__EXERCISE DESCRIPTION__
Reprint the lines below as they are, minus the pictures.

(Data records)
++++++++

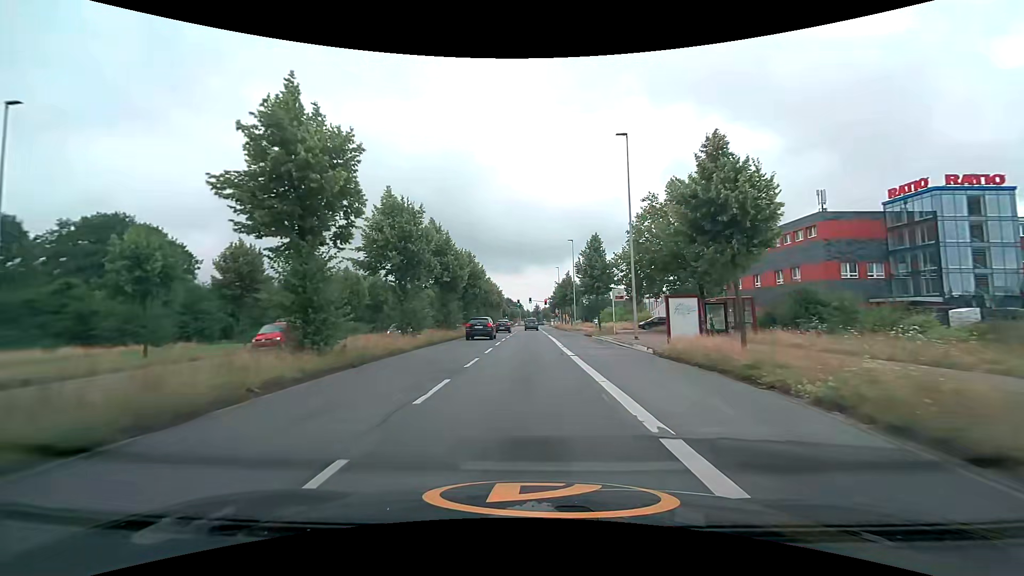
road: secondary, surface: asphalt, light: Day
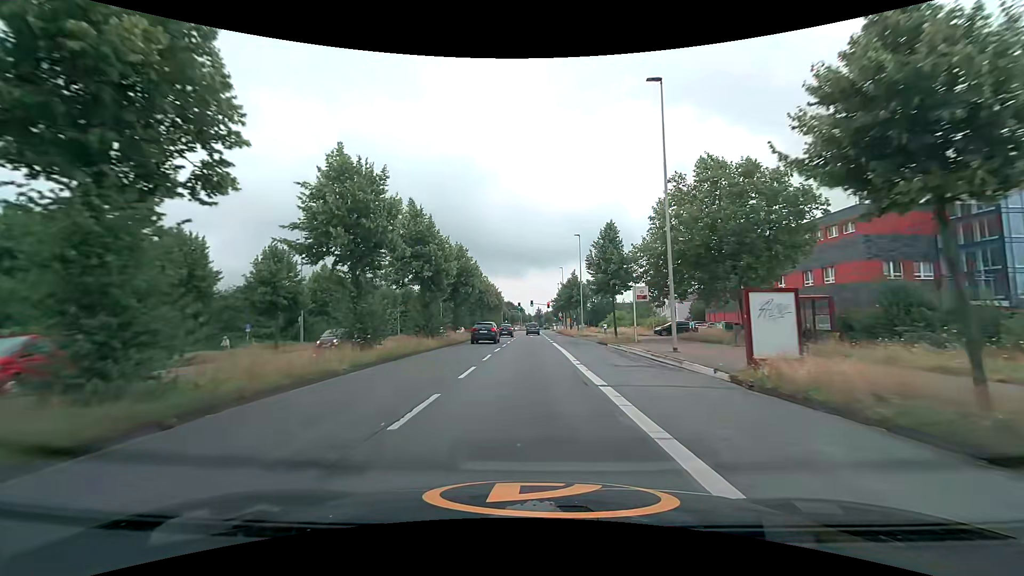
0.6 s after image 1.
(0.0, +7.5) m; 0°
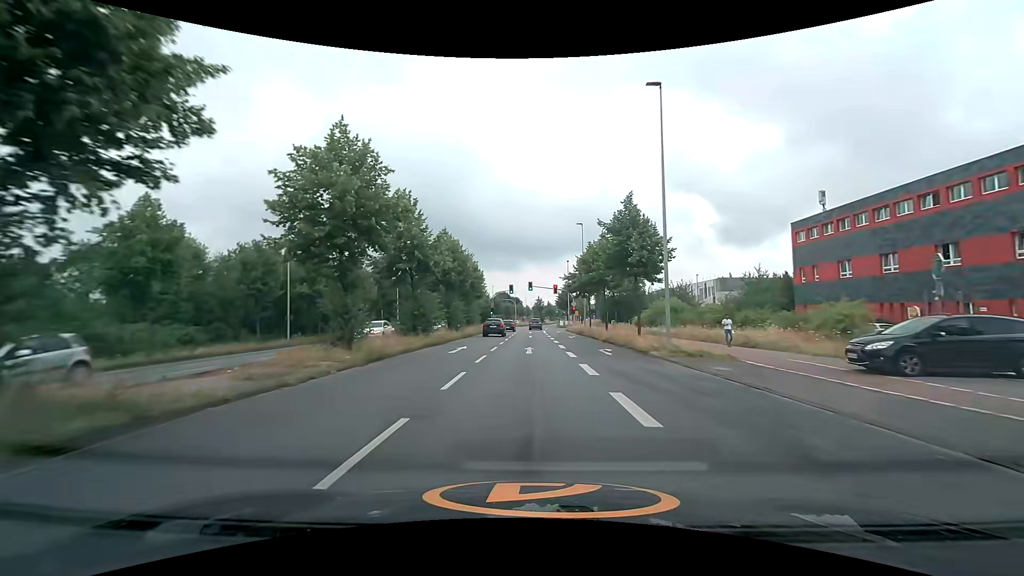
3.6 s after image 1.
(0.0, +38.5) m; 0°
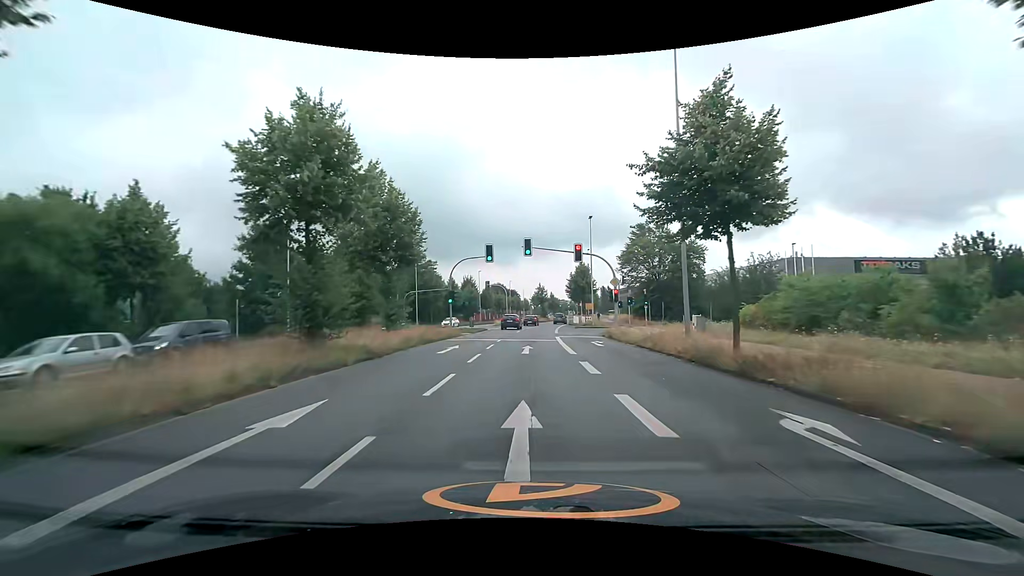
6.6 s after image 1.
(+0.2, +37.0) m; 0°
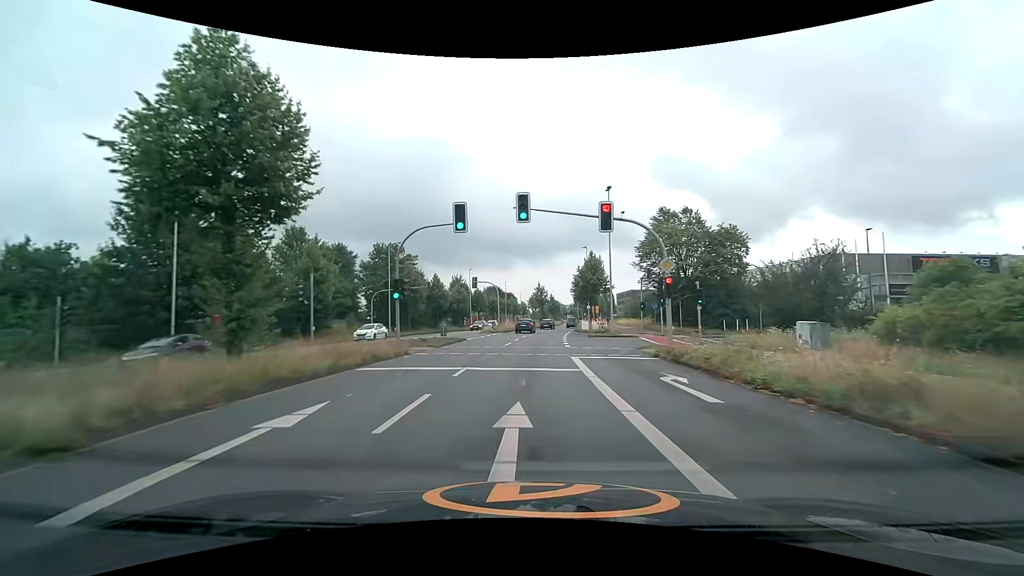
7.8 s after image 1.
(+0.1, +14.5) m; +1°
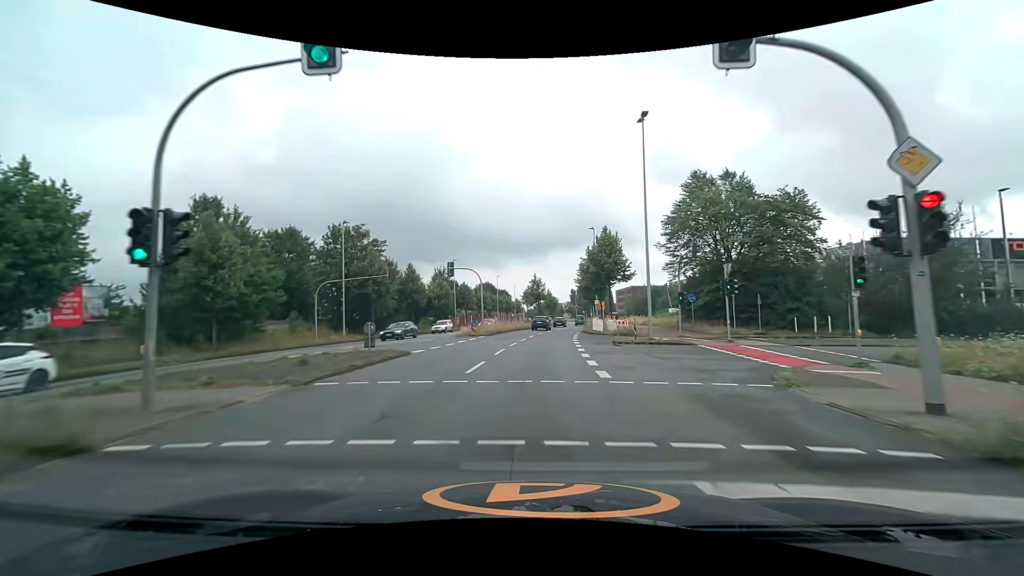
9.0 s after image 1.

++++++++

__YOUR RESPONSE__
road: secondary, surface: asphalt, light: Day
0.6 s after image 1.
(0.0, +7.5) m; 0°
3.6 s after image 1.
(0.0, +38.5) m; 0°
6.6 s after image 1.
(+0.2, +37.0) m; 0°
7.8 s after image 1.
(+0.1, +14.5) m; +1°
9.0 s after image 1.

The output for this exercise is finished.